Some authors state that the scaled ground cuckoo can easily be separated from the rufous-vented ground cuckoo by the lack of a dark chest band and some other characteristics. Others maintain that the variation in these features in the Amazonian subspecies of rufous-vented ground cuckoos (N. g. amazonicus) makes the distinction questionable, leading to the lack of agreement on its status.

==Distribution and habitat==

The scaled ground cuckoo is generally considered to be restricted to the lower drainage of the Rio Tapajós, a southern tributary of the Amazon River, roughly between Parintins on the west and the Rio Xingu on the east.
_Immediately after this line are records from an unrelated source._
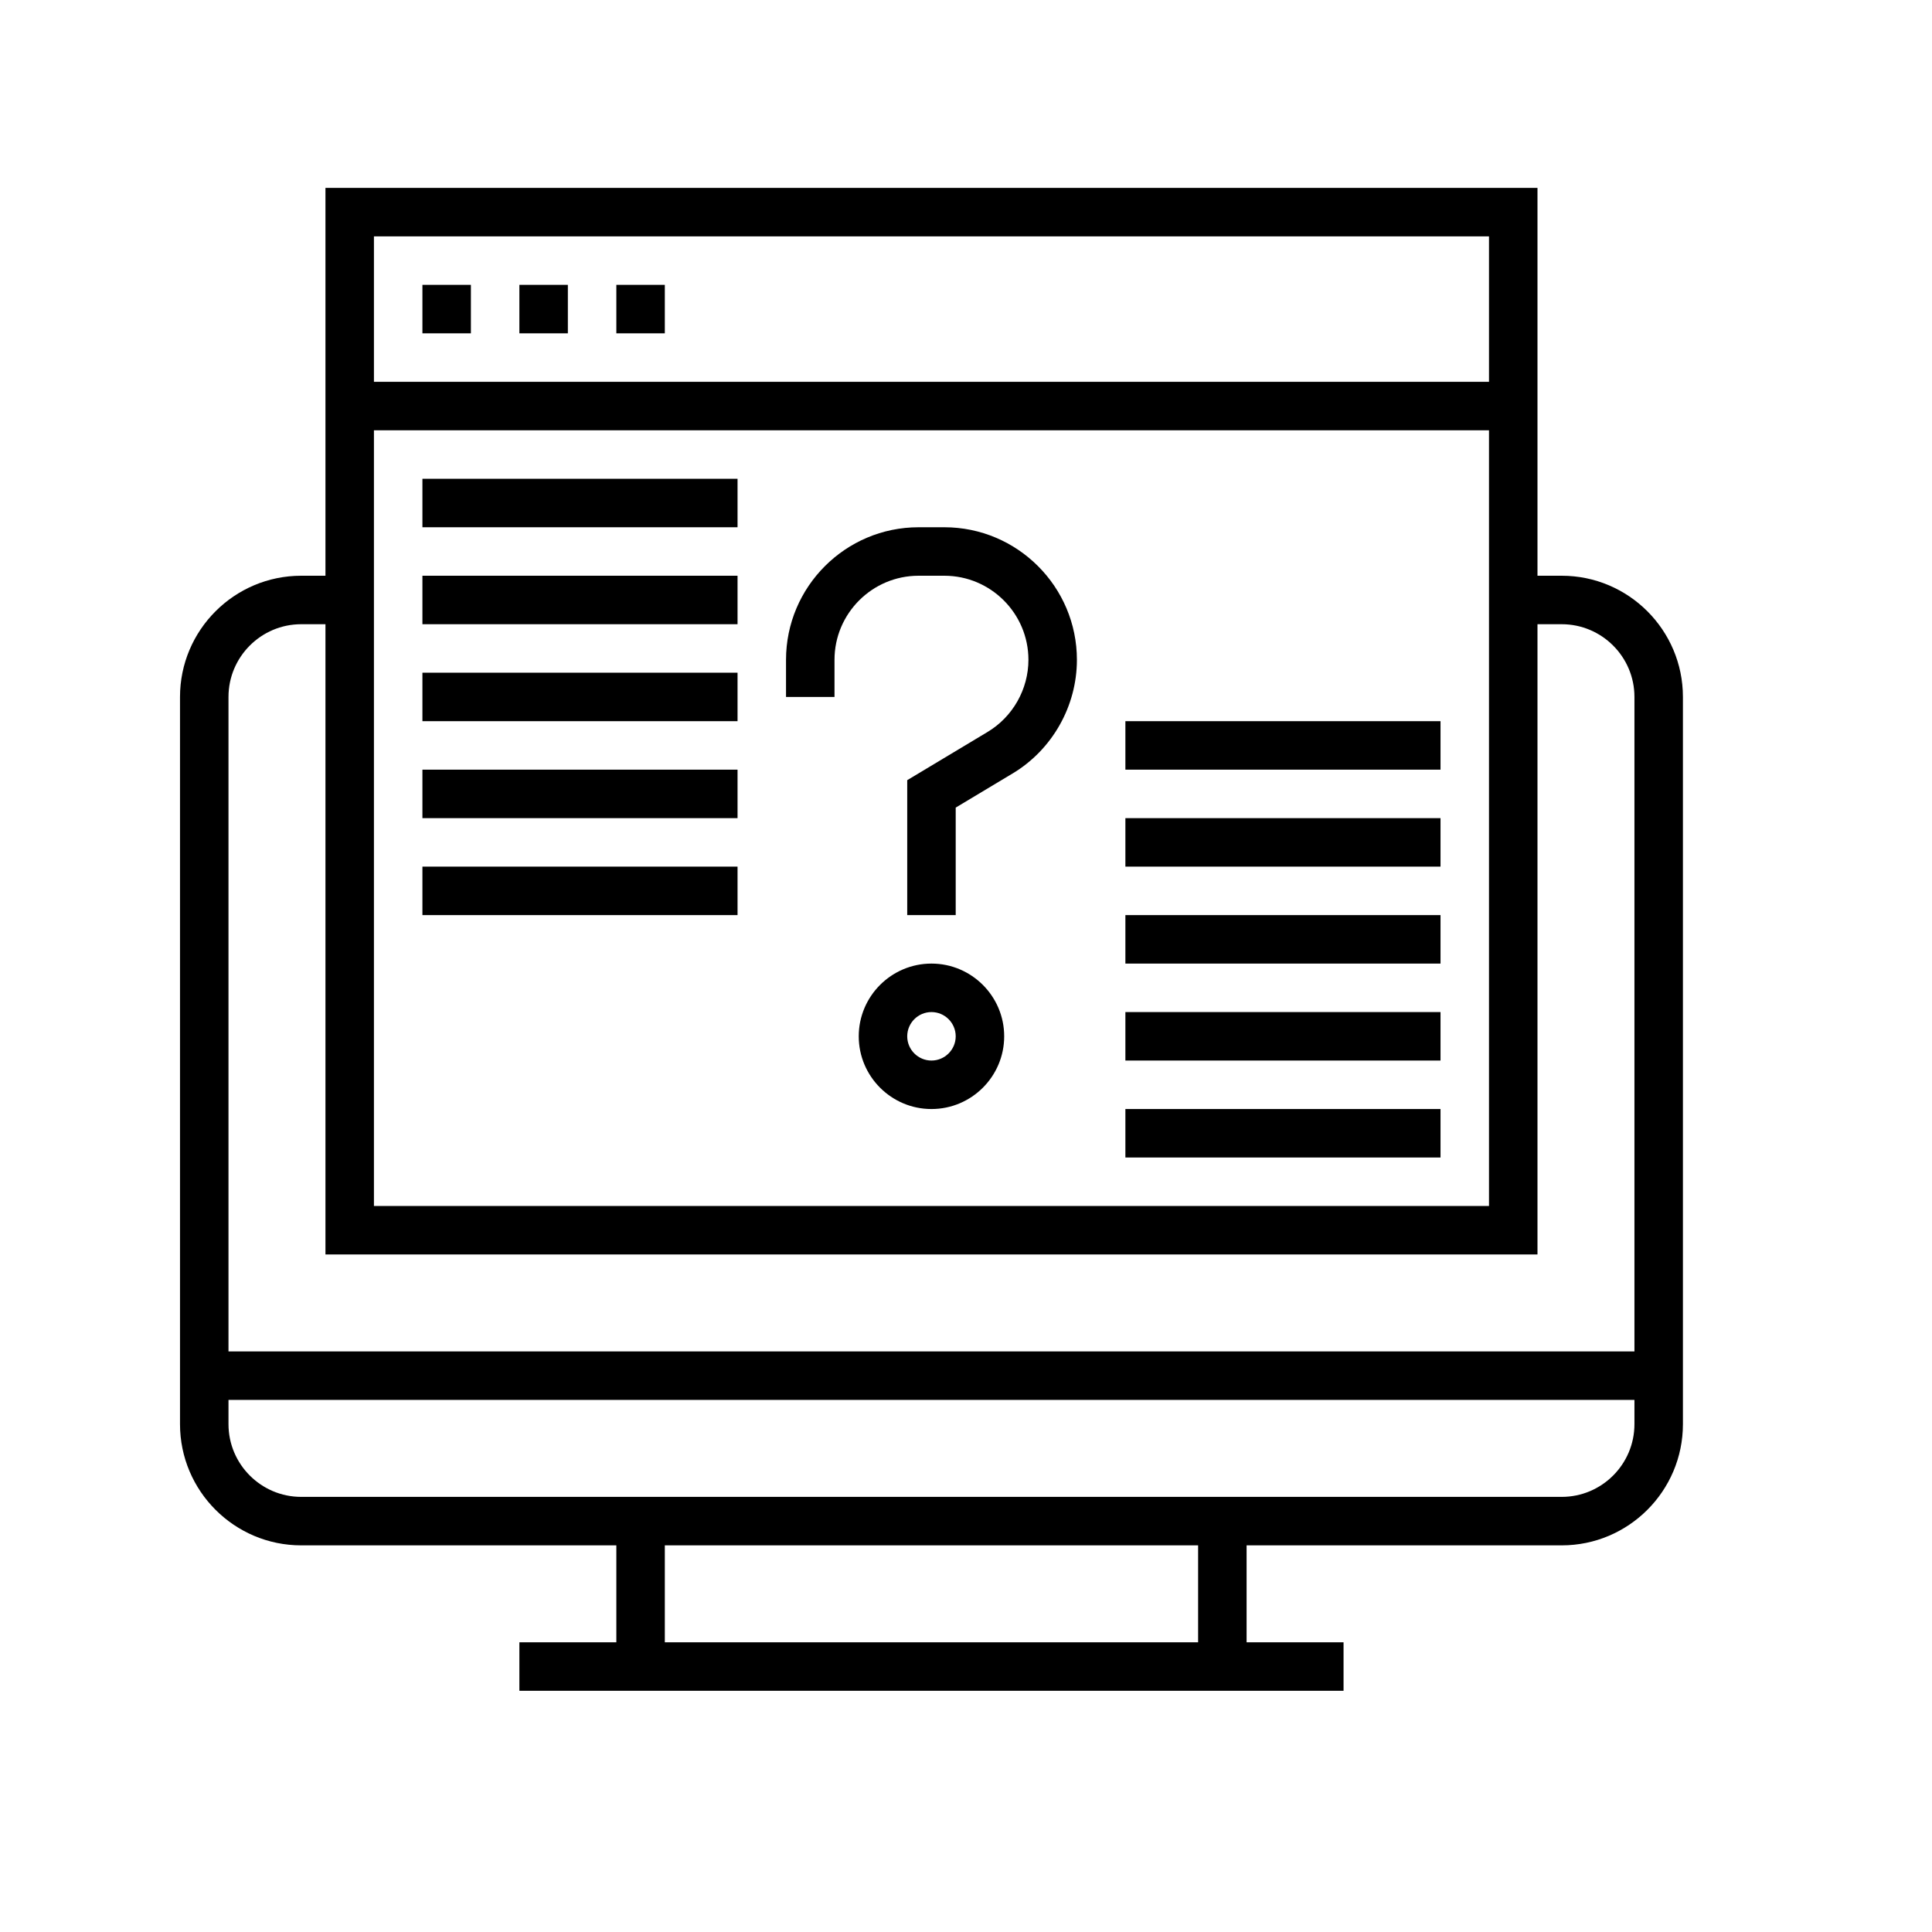 <?xml version="1.0" encoding="UTF-8" standalone="no"?>
<svg
   id="Layer_1_1_"
   style="enable-background:new 0 0 64 64;"
   version="1.1"
   viewBox="0 0 64 64"
   xml:space="preserve"
   sodipodi:docname="question-multiple.svg"
   inkscape:version="1.4 (86a8ad7, 2024-10-11)"
   xmlns:inkscape="http://www.inkscape.org/namespaces/inkscape"
   xmlns:sodipodi="http://sodipodi.sourceforge.net/DTD/sodipodi-0.dtd"
   xmlns="http://www.w3.org/2000/svg"
   xmlns:svg="http://www.w3.org/2000/svg"><defs
     id="defs13" /><sodipodi:namedview
     id="namedview13"
     pagecolor="#ffffff"
     bordercolor="#000000"
     borderopacity="0.25"
     inkscape:showpageshadow="2"
     inkscape:pageopacity="0.0"
     inkscape:pagecheckerboard="0"
     inkscape:deskcolor="#d1d1d1"
     inkscape:zoom="11.484375"
     inkscape:cx="32.043537"
     inkscape:cy="32"
     inkscape:window-width="1920"
     inkscape:window-height="974"
     inkscape:window-x="-11"
     inkscape:window-y="-11"
     inkscape:window-maximized="1"
     inkscape:current-layer="Layer_1_1_" /><g
     id="g13"
     transform="matrix(0.803,0,0,0.803,5.16,5.421)"><path
       d="M 58,17 H 57 V 1 H 7 V 17 H 6 c -2.757,0 -5,2.243 -5,5 v 30 c 0,2.757 2.243,5 5,5 h 13 v 4 h -4 v 2 h 34 v -2 h -4 v -4 h 13 c 2.757,0 5,-2.243 5,-5 V 22 c 0,-2.757 -2.243,-5 -5,-5 z M 9,11 H 55 V 43 H 9 Z M 55,3 V 9 H 9 V 3 Z M 6,19 H 7 V 45 H 57 V 19 h 1 c 1.654,0 3,1.346 3,3 V 49 H 3 V 22 C 3,20.346 4.346,19 6,19 Z M 43,61 H 21 V 57 H 43 Z M 58,55 H 6 C 4.346,55 3,53.654 3,52 v -1 h 58 v 1 c 0,1.654 -1.346,3 -3,3 z"
       id="path1" /><rect
       height="2"
       width="2"
       x="11"
       y="5"
       id="rect1" /><rect
       height="2"
       width="2"
       x="15"
       y="5"
       id="rect2" /><rect
       height="2"
       width="2"
       x="19"
       y="5"
       id="rect3" /><path
       d="M 32.531,15 H 31.469 C 28.454,15 26,17.454 26,20.469 V 22 h 2 V 20.469 C 28,18.556 29.556,17 31.469,17 h 1.062 c 1.913,0 3.469,1.556 3.469,3.469 0,1.212 -0.646,2.352 -1.685,2.975 L 31,25.434 V 31 h 2 v -4.434 l 2.345,-1.407 C 36.983,24.177 38,22.379 38,20.469 38,17.454 35.546,15 32.531,15 Z"
       id="path3" /><path
       d="m 32,33 c -1.654,0 -3,1.346 -3,3 0,1.654 1.346,3 3,3 1.654,0 3,-1.346 3,-3 0,-1.654 -1.346,-3 -3,-3 z m 0,4 c -0.551,0 -1,-0.449 -1,-1 0,-0.551 0.449,-1 1,-1 0.551,0 1,0.449 1,1 0,0.551 -0.449,1 -1,1 z"
       id="path4" /><rect
       height="2"
       width="13"
       x="11"
       y="13"
       id="rect4" /><rect
       height="2"
       width="13"
       x="11"
       y="17"
       id="rect5" /><rect
       height="2"
       width="13"
       x="11"
       y="21"
       id="rect6" /><rect
       height="2"
       width="13"
       x="11"
       y="25"
       id="rect7" /><rect
       height="2"
       width="13"
       x="11"
       y="29"
       id="rect8" /><rect
       height="2"
       width="13"
       x="40"
       y="23"
       id="rect9" /><rect
       height="2"
       width="13"
       x="40"
       y="27"
       id="rect10" /><rect
       height="2"
       width="13"
       x="40"
       y="31"
       id="rect11" /><rect
       height="2"
       width="13"
       x="40"
       y="35"
       id="rect12" /><rect
       height="2"
       width="13"
       x="40"
       y="39"
       id="rect13" /></g></svg>

There are also a few records in the upper reaches of the Tapajós drainage. It inhabits mature undisturbed evergreen forest.

==Behavior==
===Locomotion===

The scaled ground cuckoo is almost exclusively terrestrial, though it flys to low perches to rest or preen. It mostly walks or runs on the forest floor.

===Feeding===

The scaled ground cuckoo's diet is not known but is assumed to be mostly insects like that of other Neomorphus cuckoos. Their diet also includes significant amounts of other arthropods; small vertebrates like lizards, amphibians, and small birds; and sometimes fallen fruits. The scaled ground cuckoo is known to often follow army ant swarms and has been observed following peccaries, presumably to catch prey fleeing from them.

===Breeding===

Almost nothing is known about the scaled ground cuckoo's breeding phenology and its nest has not been described. Both are assumed to be similar to those of other Neomorphus cuckoos.

===Vocal and non-vocal sounds===

What is thought to be the scaled ground cuckoo's song is "a soft, low dove-like OOOOOOOoo about 1-2 seconds in length given repeatedly with approximately 1-2 seconds between songs." It makes a dry clacking sound by clapping its bill.

==Status==

The IUCN until 2011 assessed the scaled ground cuckoo as Near Threatened. However, IUCN follows HBW taxonomy and since then has not evaluated the scaled ground cuckoo separately from the rufous-vented. That species as a whole is assessed as Vulnerable due to forest fragmentation and destruction because it requires large undisturbed forest. Because so many details of the species' life history are unknown, its exact status is uncertain, but with its very small range and restricted habitat requirements it is "highly sensitive to human disturbance."